Frequency of Mutations in Quinolone Resistance-Determining Regions and Plasmid-Mediated Quinolone Resistance in Shigella Isolates Recovered From Pediatric Patients in Tehran, Iran: An Overlooked Problem Publisher Pubmed



Yaghoubi S¹ ; Ranjbar R² ; Soltan Dallal MM^{1, 3} ; Shirazi MH¹ ; Sharifiyazdi MK^{4, 5} Show Affiliations
Source: Microbial Drug Resistance Published:2018

Abstract

Fluoroquinolone (FQ) resistance in clinical isolates of Shigella species has been increasing reported in recent years. This study was carried out to find the mutations within the quinolone resistance-determining regions (QRDRs) and the prevalence of plasmid-mediated quinolone resistance (PMQR) determinants among the clinical isolates of Shigella sp. in Tehran, Iran. A total of 50 Shigella isolates were collected from five teaching therapeutic centers in Tehran, Iran and analyzed for antibiotic susceptibility over a period of 20 months from July 2015 to January 2017. The PCR and direct nucleotide sequencing were used for genetic alterations in the QRDRs. The PMQR genes were detected using PCR. The results revealed four types of mutations in the QRDR of gyrA: 20 (40%) had a S83L mutation, 1 (2%) had a S83A mutation, 2 (4%) had a D87G mutation, and 1 (2%) isolate had a D87Y mutation.
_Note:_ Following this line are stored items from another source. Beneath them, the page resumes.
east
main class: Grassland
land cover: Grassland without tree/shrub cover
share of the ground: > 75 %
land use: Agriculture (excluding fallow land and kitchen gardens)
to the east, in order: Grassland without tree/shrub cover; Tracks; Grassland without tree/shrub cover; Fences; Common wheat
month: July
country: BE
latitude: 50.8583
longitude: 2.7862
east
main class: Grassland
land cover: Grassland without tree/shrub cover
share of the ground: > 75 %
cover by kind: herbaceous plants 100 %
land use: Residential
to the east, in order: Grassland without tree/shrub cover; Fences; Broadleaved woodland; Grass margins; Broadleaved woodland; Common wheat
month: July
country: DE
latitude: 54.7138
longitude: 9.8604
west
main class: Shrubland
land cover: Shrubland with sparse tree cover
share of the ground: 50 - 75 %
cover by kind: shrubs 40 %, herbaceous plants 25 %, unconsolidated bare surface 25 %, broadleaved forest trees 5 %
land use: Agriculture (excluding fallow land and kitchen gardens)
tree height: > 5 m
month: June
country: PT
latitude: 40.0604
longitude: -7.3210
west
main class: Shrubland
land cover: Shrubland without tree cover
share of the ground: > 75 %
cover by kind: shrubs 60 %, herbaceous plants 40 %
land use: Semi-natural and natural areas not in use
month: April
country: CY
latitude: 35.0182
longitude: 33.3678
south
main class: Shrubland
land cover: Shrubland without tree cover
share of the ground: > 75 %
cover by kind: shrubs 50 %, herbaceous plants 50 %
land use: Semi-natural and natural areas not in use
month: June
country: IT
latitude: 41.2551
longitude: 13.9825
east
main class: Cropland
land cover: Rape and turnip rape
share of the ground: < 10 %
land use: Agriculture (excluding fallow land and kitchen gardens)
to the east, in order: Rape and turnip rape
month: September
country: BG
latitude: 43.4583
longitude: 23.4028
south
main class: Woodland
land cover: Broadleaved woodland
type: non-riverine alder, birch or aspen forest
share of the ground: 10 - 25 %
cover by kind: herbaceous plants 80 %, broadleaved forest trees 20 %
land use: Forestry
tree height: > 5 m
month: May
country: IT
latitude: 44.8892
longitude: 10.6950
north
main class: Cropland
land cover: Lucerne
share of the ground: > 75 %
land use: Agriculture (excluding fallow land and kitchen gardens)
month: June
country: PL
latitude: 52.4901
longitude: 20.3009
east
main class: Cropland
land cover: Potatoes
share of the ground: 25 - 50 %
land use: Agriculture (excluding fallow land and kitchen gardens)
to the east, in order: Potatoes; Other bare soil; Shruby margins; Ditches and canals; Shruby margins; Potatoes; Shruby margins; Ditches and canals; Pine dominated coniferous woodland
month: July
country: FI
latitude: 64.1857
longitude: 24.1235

Mutations were also found at codon N57D, D200N, and E210K in three isolates. Seven hospitalized children had qnrS determinants, and one isolates had the mutation S83A, while two isolates had double mutations at S83L and/or D87G (Ser83Leu and Asp-87Gly). The PMQR gene-positive isolates had the single replacement of serine with leucine. In hospitalized children, two isolates had two types of PMQR determinants (qnrS and qnrA) and (qnrS and qnrB) at once. The results of this study indicate that the emergence of strains with mutations in the QRDR regions and the capture of PMQR determinants in strains may lead to failure in therapy with FQ and the widespread emergence of strains with high-level FQ resistance. © 2018, Mary Ann Liebert, Inc. 2018.